Mixed messages on the fate of retailing

One in 10 retailers closed their doors between January and September this year according to research released today by the Local Data Company.

Fashion and footwear was one of the worst casualties of the recession with 17.9% of stores in the womenswear and kidswear sectors and 12.4% of menswear stores shutting their doors in the first nine months of this year. Footwear also fared badly with 14.9% of stores closing.

The Times suggest that the independent sector was a casualty of rising rates and limited access to credit during the period, with 15% of independent fashion stores reported to have closed in the nine months.

However on the same day retail landlord Land Securities stated that they will no longer offer retail tenants rent concessions amid signs of increasing demand for space.

Land Securities chief executive Francis Salway told The Times: “The downturn has been tough on property companies and on retailers. There are instances of retailers still asking for concessions, and it can be in our interests to show flexibility in specific areas, and we have led on a number of such initiatives.

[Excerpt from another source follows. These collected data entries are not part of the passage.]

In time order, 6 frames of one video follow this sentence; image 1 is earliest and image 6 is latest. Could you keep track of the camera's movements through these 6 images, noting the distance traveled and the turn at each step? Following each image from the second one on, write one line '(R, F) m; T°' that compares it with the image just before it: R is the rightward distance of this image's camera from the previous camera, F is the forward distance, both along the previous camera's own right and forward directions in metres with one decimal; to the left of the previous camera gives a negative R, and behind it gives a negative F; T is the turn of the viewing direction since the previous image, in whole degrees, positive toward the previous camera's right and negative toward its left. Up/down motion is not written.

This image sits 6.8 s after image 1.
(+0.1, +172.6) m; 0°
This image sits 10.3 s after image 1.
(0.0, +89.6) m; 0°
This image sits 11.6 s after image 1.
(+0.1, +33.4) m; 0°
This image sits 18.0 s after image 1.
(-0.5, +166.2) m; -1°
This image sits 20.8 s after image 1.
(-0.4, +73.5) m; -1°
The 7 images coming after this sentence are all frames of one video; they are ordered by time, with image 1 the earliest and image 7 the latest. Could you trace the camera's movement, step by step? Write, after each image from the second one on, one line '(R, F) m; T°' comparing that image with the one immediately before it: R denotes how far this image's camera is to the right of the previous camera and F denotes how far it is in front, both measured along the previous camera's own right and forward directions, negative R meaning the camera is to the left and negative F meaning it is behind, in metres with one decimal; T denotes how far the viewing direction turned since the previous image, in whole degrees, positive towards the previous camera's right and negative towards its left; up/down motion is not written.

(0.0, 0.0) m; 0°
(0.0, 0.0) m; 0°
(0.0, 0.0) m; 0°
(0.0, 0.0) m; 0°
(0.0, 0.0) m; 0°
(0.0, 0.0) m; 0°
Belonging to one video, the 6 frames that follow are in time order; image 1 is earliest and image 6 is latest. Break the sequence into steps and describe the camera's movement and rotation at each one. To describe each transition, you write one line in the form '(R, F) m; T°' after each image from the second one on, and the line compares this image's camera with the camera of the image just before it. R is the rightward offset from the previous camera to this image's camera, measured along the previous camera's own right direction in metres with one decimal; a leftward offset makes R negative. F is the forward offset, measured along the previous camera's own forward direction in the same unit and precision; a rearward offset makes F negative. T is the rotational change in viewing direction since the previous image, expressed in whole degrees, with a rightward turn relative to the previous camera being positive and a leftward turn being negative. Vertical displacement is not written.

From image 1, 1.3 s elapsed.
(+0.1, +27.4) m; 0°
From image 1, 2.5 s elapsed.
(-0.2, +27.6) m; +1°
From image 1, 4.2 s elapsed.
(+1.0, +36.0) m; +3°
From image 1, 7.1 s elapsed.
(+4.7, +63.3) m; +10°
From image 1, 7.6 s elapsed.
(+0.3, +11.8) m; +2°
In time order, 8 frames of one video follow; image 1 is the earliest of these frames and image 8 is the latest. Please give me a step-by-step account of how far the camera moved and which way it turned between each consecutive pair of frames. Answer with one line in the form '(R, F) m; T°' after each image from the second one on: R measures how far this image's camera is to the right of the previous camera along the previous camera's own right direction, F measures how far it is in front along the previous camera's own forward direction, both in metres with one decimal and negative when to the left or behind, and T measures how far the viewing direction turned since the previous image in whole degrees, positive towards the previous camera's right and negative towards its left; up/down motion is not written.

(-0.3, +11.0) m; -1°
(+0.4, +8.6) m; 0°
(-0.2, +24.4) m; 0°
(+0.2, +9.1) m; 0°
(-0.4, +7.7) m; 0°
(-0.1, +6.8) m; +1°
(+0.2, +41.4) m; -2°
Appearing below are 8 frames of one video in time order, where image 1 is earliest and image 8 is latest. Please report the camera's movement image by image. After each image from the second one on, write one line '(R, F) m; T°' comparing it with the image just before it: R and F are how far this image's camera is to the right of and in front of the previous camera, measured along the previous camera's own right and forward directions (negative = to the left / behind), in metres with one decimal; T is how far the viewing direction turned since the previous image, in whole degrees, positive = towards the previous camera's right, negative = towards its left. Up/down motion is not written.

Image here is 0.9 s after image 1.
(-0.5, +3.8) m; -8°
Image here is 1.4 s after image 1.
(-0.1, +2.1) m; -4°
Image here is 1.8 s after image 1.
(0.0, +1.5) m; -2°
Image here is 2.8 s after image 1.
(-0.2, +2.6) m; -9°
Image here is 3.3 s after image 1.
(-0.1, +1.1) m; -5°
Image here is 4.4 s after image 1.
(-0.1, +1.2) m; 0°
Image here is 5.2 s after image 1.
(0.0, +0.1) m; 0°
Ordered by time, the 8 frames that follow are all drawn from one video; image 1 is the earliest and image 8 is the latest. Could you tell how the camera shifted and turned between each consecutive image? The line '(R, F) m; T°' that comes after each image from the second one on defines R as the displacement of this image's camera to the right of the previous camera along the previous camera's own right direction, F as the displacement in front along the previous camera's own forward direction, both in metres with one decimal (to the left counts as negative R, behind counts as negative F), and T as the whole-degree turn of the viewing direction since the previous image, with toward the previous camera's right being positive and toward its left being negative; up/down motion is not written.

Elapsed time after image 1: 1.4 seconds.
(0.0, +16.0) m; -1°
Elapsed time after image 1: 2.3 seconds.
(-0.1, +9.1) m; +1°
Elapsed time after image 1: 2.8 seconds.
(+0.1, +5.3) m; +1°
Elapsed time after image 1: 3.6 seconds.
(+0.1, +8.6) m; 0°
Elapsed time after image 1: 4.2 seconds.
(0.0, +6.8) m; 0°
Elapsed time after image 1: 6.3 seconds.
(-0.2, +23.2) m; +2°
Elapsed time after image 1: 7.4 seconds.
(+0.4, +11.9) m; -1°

However, we do not believe across-the-board changes to agreed contracts are appropriate.”

Land Securities is the largest property developer in Britain, and has 1,600 retail tenants.

The revelation came as Land Securities revealed it was offering a new lease that does not penalise tenants for paying monthly instead of quarterly, according to The Times.  It intends to roll it out to its entire portfolio.

The new agreement called the Clearlet lease, will see the landlord scrapping the 1% premium on monthly payments.

Land Securities comments were supported by the British Property Federation. Its chief executive Liz Peace said: “We’ve seen first hand the steps landlords are willing to take to help retailers, from offering monthly rents to working with them to reduce service charges. But the fact everyone needs to understand is that cutting rents too far would undermine the investment value of retail property.”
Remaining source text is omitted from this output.